Text: mmr|Thema: Von den Stränden von Goa bis zu Festivals auf der ganzen Welt – die Geschichte von DJ-Sets als Ritual

Goa Gil ist ein amerikanischer DJ und eine der zentralen Figuren aus den Anfängen des Goa-Trance. Nachdem er in den 1960er Jahren die Gegenkultur in San Francisco kennengelernt hatte, zog er Anfang der 1970er Jahre nach Goa, Indien.

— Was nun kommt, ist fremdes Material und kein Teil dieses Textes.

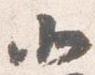
北
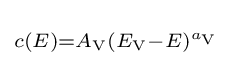
\scriptstyle c(E)=A_{\rm {V}}(E_{\rm {V}}-E)^{a_{\rm {V}}}
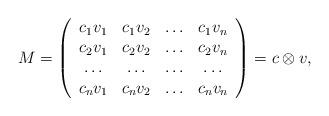
LaTeX: \begin{align*}M=\left(\begin{array}{cccc}c_1 v_1 & c_1 v_2 & \ldots & c_1 v_n \\c_2 v_1 & c_2 v_2 & \ldots & c_2 v_n \\ \ldots & \ldots & \ldots & \ldots \\c_n v_1 & c_n v_2 & \ldots & c_n v_n \\\end{array}\right) = c\otimes v,\end{align*}
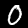
Digit: 0
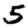
Digit: 5
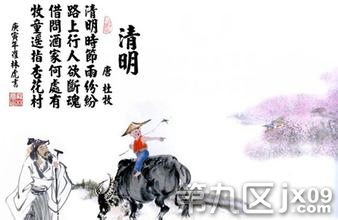
清明时节雨纷纷，路上行人欲断魂。
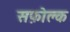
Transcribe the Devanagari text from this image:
सफ़ोल्क
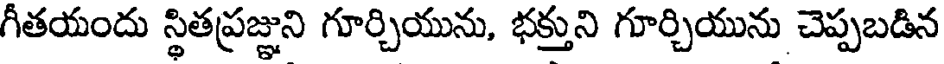
గీతయందు స్థితప్రజ్ఞుని గూర్చియును, భక్తుని గూర్చియును చెప్పబడిన
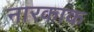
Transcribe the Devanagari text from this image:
नारकाक
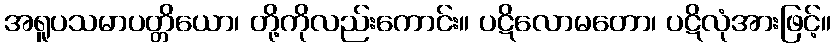
အရူပသမာပတ္တိယော၊ တို့ကိုလည်းကောင်း။ ပဋိလောမတော၊ ပဋိလုံအားဖြင့်။
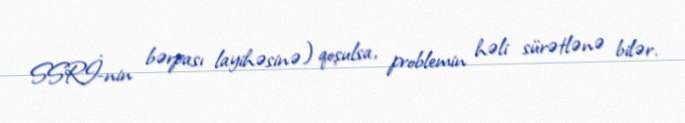
SSRİ-nin bərpası layihəsinə) qoşulsa, problemin həli sürətlənə bilər.

Danach war es mehrere Jahrzehnte lang führend in der Partykultur im Freien.

  • Richtiger Name: Gilbert Levey
  • 1951 in Amerika geboren
  • Anfang der 1970er Jahre nach Goa gezogen
  • Die DJ-Aktivitäten begannen in den 1980er Jahren ernsthaft
  • Bekannt für lange Sets von über 10 Stunden
  • Gestorben im Jahr 2023

DJing war für ihn ein Akt der Demontage und Rekonstruktion der Zeit.


Geschichte

1. Die Strandparty in Goa beginnt

In Goa kam es in den 1970er Jahren spontan zu kleinen Versammlungen an Stränden wie Anjuna und Baga. Die Stromquelle ist ein einfacher Generator, die Dekorationen sind handgefertigt und die Beleuchtung ist minimal. Mit fortschreitender Nacht versammeln sich Menschenmengen, die sich im Morgengrauen leise auflösen.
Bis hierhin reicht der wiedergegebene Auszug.